DATA UNDER STUDY:
···
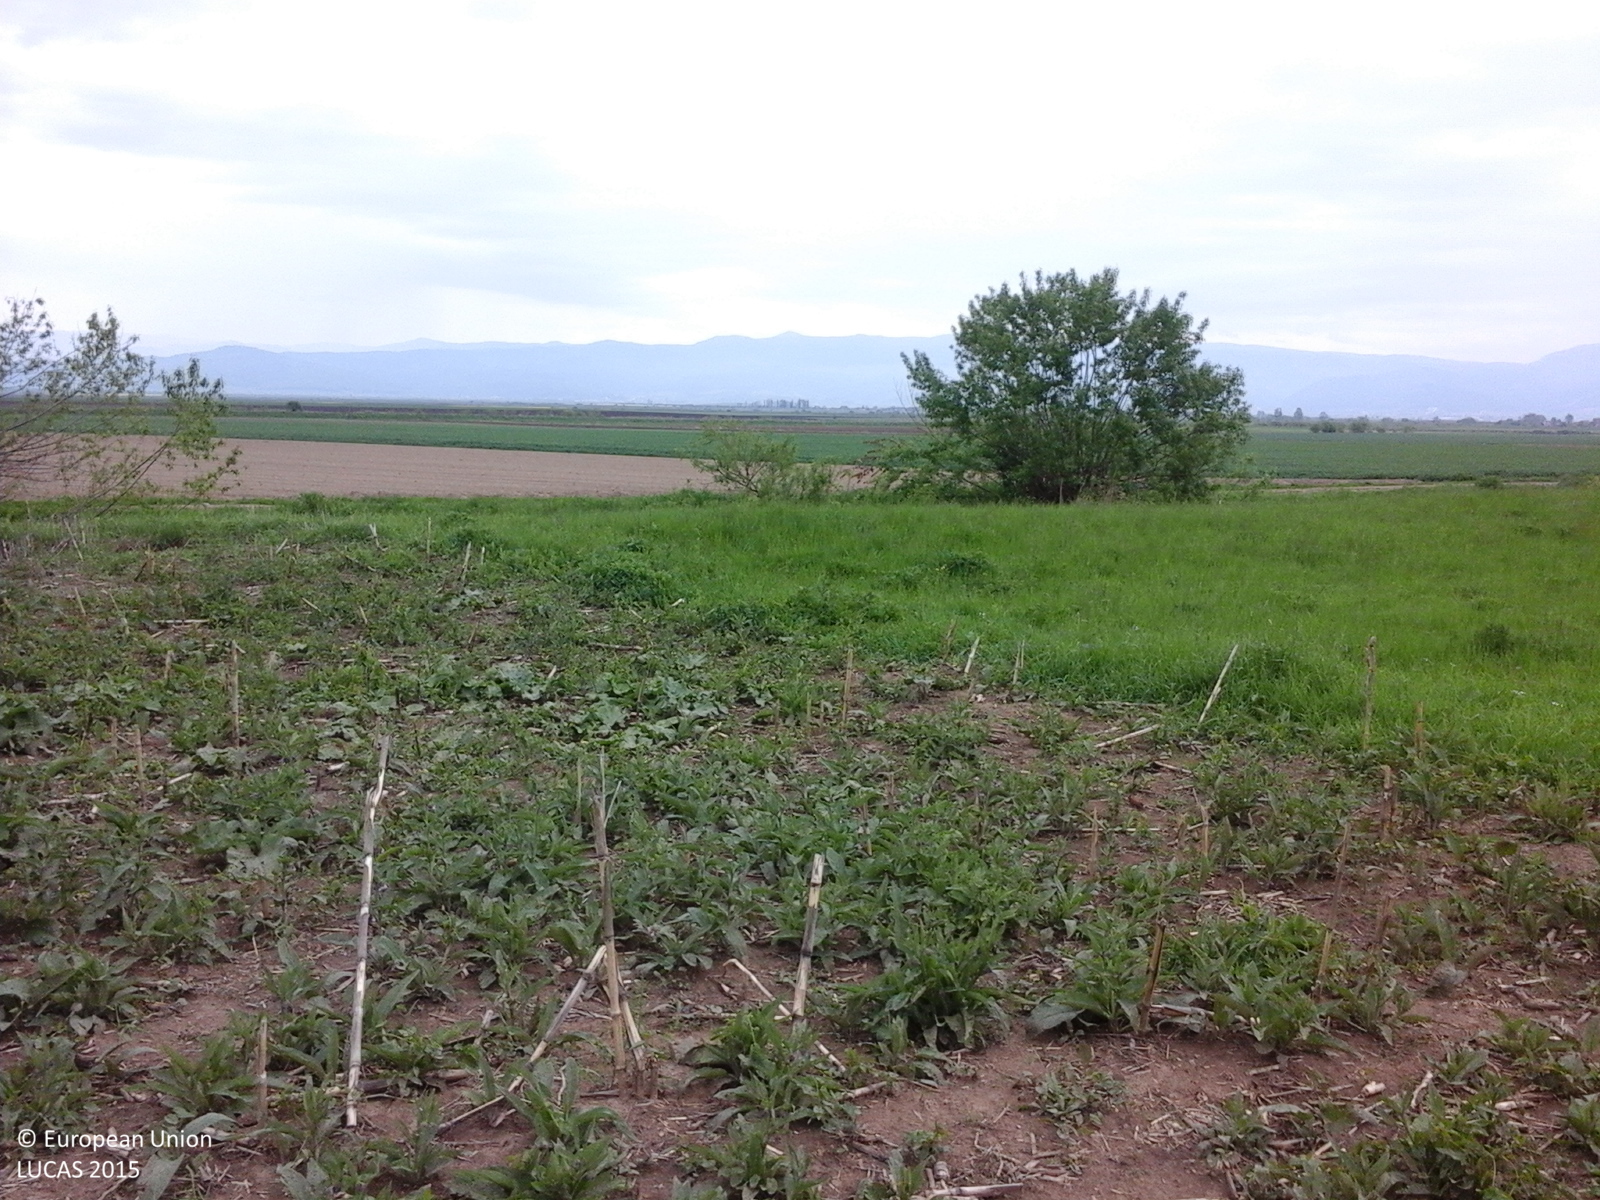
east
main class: Grassland
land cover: Spontaneously vegetated surfaces
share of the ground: 50 - 75 %
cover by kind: herbaceous plants 100 %
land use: Fallow land
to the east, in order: Spontaneously vegetated surfaces; Grassland with sparse tree/shrub cover; Ditches and canals; Grass margins; Tracks; Potatoes; Common wheat
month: May
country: RO
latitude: 45.8981
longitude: 26.0612
···
TASK OBJECTIVE: The response should reproduce all the material above exactly and leave out its pictures.

SOLUTION TO THIS TASK:
east
main class: Grassland
land cover: Spontaneously vegetated surfaces
share of the ground: 50 - 75 %
cover by kind: herbaceous plants 100 %
land use: Fallow land
to the east, in order: Spontaneously vegetated surfaces; Grassland with sparse tree/shrub cover; Ditches and canals; Grass margins; Tracks; Potatoes; Common wheat
month: May
country: RO
latitude: 45.8981
longitude: 26.0612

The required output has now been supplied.